I did get her back to doing some volunteer work a few hours a week and that does help on those days but she needs to get out more than that. I totally agree that she needs to find herself because life has changed as the family unit moved out. I try to treat her special all the time, by taking her out to dinner and take her on trips. Last night I suggested we go to Europe for a few weeks. Her comeback was you don’t like Europe and I said you do so that’s why we ought to go.


----------



## cdbaker (Nov 5, 2010)

Yeah I think she is depressed. I assume that the EA didn't happen with an employee/co-worker at your business, right? If so, then yeah it would be very understandable that she would be uneasy about the women at work.

Best of luck...


----------



## Smartman (Dec 19, 2012)

No the EA did not happen with anyone at work. If it did she would be right in feeling the way she does. How do I convince her that she needs help with depression?????


----------



## Tron (Jan 31, 2013)

It sounds like you want the M to work, but are stuck in a rut with your W. You are going to have to change the current dynamic.
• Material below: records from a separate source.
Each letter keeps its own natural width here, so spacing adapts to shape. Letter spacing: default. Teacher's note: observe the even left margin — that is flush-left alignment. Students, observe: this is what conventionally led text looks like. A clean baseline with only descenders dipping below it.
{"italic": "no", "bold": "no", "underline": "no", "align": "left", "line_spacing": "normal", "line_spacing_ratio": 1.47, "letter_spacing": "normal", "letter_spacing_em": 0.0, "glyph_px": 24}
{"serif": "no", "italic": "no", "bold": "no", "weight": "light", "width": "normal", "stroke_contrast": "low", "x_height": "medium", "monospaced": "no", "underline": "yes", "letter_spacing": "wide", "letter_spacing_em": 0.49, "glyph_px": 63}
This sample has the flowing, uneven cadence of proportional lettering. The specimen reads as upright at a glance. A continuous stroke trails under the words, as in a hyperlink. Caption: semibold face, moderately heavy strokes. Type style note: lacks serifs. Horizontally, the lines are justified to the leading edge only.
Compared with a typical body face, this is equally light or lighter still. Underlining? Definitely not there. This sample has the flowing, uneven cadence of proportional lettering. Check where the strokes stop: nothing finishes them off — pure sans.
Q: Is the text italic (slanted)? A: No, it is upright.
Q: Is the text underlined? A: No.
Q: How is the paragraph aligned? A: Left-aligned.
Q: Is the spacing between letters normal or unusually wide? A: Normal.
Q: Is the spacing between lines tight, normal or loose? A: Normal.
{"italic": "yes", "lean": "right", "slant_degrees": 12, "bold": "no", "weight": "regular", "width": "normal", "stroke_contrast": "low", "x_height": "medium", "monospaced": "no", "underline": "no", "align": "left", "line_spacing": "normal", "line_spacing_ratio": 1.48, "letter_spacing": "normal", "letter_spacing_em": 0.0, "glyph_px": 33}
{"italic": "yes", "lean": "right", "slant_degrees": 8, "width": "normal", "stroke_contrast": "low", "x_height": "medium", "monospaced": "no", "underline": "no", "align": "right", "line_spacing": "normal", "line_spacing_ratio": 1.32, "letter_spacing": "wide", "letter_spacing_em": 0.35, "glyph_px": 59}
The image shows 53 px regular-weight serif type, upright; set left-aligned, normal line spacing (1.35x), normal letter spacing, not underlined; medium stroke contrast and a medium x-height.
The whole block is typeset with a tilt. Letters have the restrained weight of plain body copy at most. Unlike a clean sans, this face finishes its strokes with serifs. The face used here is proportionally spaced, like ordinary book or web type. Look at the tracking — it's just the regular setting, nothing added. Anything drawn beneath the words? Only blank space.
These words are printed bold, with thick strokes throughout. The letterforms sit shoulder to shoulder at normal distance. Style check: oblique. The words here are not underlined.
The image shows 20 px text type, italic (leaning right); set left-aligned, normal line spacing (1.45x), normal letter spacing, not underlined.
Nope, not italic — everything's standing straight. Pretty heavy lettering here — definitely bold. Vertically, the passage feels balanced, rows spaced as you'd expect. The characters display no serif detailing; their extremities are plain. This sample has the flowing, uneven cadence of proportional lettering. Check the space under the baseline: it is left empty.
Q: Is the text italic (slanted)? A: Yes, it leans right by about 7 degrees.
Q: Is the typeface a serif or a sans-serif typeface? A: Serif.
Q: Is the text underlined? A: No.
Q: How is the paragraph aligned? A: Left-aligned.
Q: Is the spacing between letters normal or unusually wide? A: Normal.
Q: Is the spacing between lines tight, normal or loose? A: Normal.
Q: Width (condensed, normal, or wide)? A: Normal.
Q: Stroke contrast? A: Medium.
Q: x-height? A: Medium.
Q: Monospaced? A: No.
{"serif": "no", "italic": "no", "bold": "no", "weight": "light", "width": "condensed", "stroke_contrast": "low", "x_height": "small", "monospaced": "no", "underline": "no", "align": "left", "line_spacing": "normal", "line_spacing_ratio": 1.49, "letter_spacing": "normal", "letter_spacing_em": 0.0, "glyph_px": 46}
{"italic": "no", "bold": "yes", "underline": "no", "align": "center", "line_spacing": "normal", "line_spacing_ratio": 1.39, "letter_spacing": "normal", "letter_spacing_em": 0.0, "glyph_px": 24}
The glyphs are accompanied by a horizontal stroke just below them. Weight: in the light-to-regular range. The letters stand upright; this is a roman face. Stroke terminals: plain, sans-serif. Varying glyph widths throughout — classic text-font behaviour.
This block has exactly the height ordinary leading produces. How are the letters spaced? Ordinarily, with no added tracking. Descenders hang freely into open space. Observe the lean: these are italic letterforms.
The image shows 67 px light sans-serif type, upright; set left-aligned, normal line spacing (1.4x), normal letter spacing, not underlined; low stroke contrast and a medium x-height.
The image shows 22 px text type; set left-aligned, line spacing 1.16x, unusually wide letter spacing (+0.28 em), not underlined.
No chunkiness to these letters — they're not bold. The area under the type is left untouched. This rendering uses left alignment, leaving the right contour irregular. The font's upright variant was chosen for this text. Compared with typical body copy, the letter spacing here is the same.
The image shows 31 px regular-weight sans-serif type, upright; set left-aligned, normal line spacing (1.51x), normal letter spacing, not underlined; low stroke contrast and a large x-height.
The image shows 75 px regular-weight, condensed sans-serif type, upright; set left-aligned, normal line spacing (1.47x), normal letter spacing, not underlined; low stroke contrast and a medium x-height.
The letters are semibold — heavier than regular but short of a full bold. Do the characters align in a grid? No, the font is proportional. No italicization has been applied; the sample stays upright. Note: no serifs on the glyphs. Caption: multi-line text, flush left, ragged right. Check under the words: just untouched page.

I agree with cdbaker and SW that depression is an issue. Is there anything she can or is willing to do about that?

Was she always this controlling or did it go into high gear after the EA?

How did you treat her after the EA? Were you honest and forthcoming about all of her questions? 

Did you work hard to make her feel secure? Or did you minimize and rugsweep?


----------



## lfortender (Sep 18, 2012)

Very sad for you, i dont have kids and have 27 years old with 6 married. Hard to tell you but have you tried to talk to her more harder?


----------